Eulogy by Michelle Restaino (Mom)
(With a heart so broken, so torn -- she was so gallant, so brave)
Christopher Michael Restaino:
Over the past several days, I have seen such an outpouring of love and support
from all of you here, as well as throughout the country and even the world as we
struggle with the loss of our precious Christopher. This love, this support,
this activation of prayer and spiritual energy is a major part of what is
helping us to go on; additionally, it reaffirms my faith in the divine flow of
life that connects us all.
The beginning words of a song we sing here at Christ Unity have been returning
to my mind over and over again as we have been struck with this tragedy. I
release and I let go, I let the spirit heal my life. And my heart is open wide;
yes, I open up to God. No more trouble, no more strife. With my faith I see the
light. I am free (and Chris is free) in the Spirit, yes, I open up to God.

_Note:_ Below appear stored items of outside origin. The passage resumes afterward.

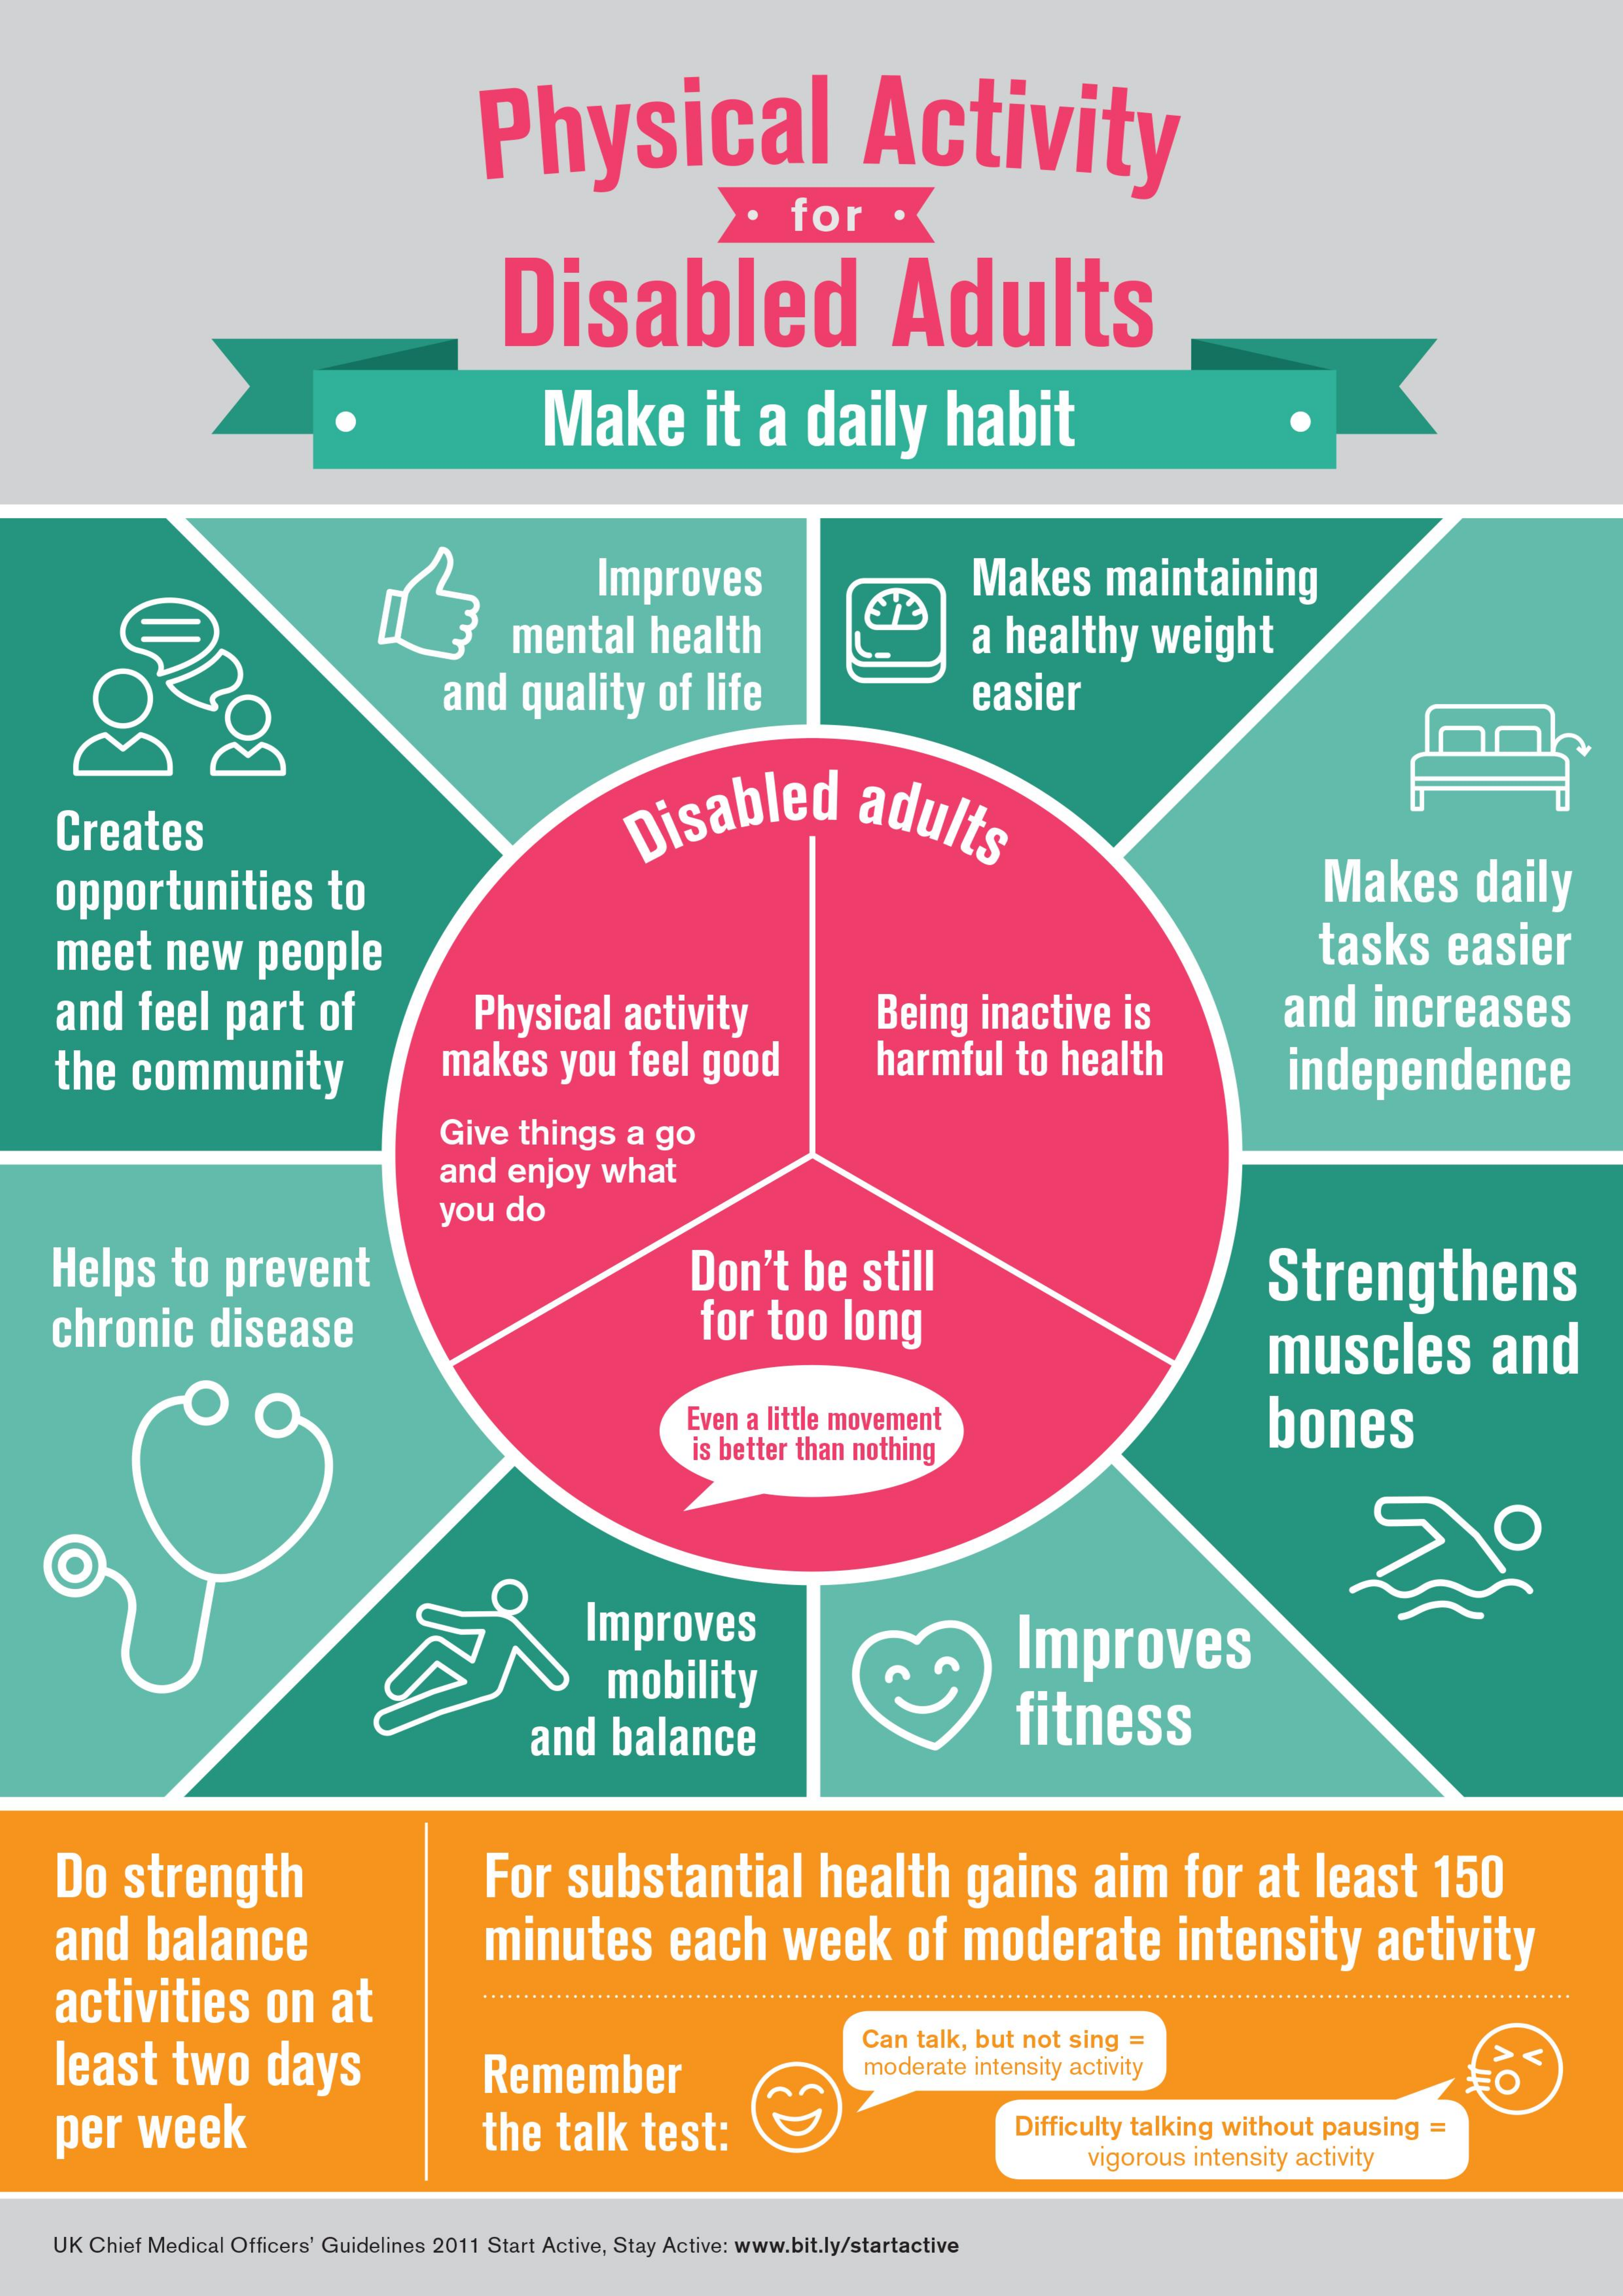
Physical    Activity
     for
     Disabled    Adults
     Make    it   a   daily    habit
     Improves    Makes    maintaining
     mental    health    a  healthy    weight
     and   quality    of   life    easier
     Disable Creates Disabled adults
     opportunities    to    Makes    daily
     meet    new    people    tasks    easier
     and    feel    part    of    Physical    activity    Being    inactive    is    and    increases
     the   community    makes    you  feel   good    harmful    to  health    independence
     Give   things   a  go
     and   enjoy   what
     you    do
     Helps    to   prevent    Don't    be    still    Strengthens
     chronic    disease    for   too    long    muscles    and
     Even a little movement    bones
     is better than nothing
     Improves
     mobility
     Improves
     and    balance    fitness
     Do    strength    For    substantial    health    gains    aim    for   at    least    150
     and    balance    minutes    each    week    of   moderate    intensity    activity
     activities    on    at    . .................................................................
     least    two    days    Remember
     Can  talk, but not sing =
     moderate  intensity activity
     per    week    the   talk    test:    Difficulty talking without  pausing  =
     vigorous  intensity activity
     UK Chief Medical Officers' Guidelines 2011 Start Active, Stay Active: www.bit.ly/startactive

Chris, our dear, darling, Chris….I had a very difficult labor and delivery as
Chris was making his entrance into this world. As you can imagine, when they
first showed him to me his little head was misshapen and he was not really very
pretty. But I can still remember my first words, I can still feel the emotions
of those first words…”He is so Beautiful!” As you can see by looking at the
picture boards, Chris radiated joy and gentleness. I can remember so many times
that another would be in need and Chris would step forward to fill the gap. Once
when Chris was a sophomore, a friend’s older sister was going to be evicted from
her apartment because she could not pay the rent. Chris stepped forward and
loaned her $100. This type of reaching out happened with Chris time and time
again. He would give you the shirt off of his back. He was so trusting and
confident in the goodness of life and of other people, that he pretty much had
the draw bridge of himself open most of the time, you could come in and take or
give anything you wanted in Chris’s world.
My dear Christopher was so open. One of the last conversations I had with him
was about people speaking honestly and not masking what they really meant.
Additionally, he would share so much of his life with me, that my friends
marveled as his candidness – he was so unguarded. He shared so many stories
about his daily life, I feel like I know, not only his good friends, but so many
of his classmates and acquaintances. For most of his life he was so honest, that
he would even tell on himself. I remember when he was 10 years old and he and
some other kids were playing basketball outside Celina Westerphal’s
grandmother’s house. Chris threw the ball too hard and it hit and broke the
grandmother’s outside light. She came out to see what was going on. Chris
immediately stepped forward, admitted his guilt and promised to pay for the
damage.
Christopher was also a master of sleeping and kicking back. I have never seen
anyone who grasped the concept so well. Sometimes it would drive me crazy, but
he definitely wasn’t stressed. As a teenager, he would regularly tell me “You
need to relax”. On the other hand, when a job needed to be done, Chris would
really put his mind to it with great attention to detail and pride in his work.
Whenever he would finish a job for me, he would have me come check it out. It
was obvious that he was truly proud of his work.
He was a great big brother. I can remember so many times that he was teaching
Alex about life and how to live it in the best way – all the way from soccer
skills to home work to the difference between right and wrong. Sometimes he took
his big brother duties too seriously and would tell me it was his responsibility
to harass Alex and tackle him and rough him up so that he wouldn’t be taken by
surprise by the unkindness of some people when he got out in the world.
As a son and a brother, he was always ready with a hug or an “I love you”. So
free and open.
Well as you can see I could go on and on telling you about my darling boy.
I have seen in these past days that many of you feel remorse or have regrets
about Chris’s early and unexpected departure from our lives. Even I have such
thoughts on occasion. I would encourage you to do what Chris would have done –
Chris would have forgiven you or Chris would have said there is no fault.
Forgive yourselves, release your anguish and know that “All is Well!”
As we say goodbye to Christopher as we knew him in this world, I beseech all of
you to honor his life and his passing with your own lives. Remember the blessing
of his times with us, learn from his life, make a difference for yourselves and
others, examine who you are and ask “what is God’s will for my life?” “Am I on
the right path?” God is a God of Love and he wants the greatest good every one
of us. Open up your hearts and minds to God’s pure and never ending love. Give
of yourselves, hold out a helping hand, mend a broken relationship, push
yourself to live beyond the obvious and reach for God’s greatest good for you
and for those around you. And know that no matter how things appear, “All is
well!” As you do this, Chris’s early transition from this plane will have
meaning, will be just a little bit less painful.
And remember that Chris lives on in Spirit and in True Life…He is free from the
limitations of his body and he is whole. He is with us and he is reaching out
his hand to help us know that, “All is well!”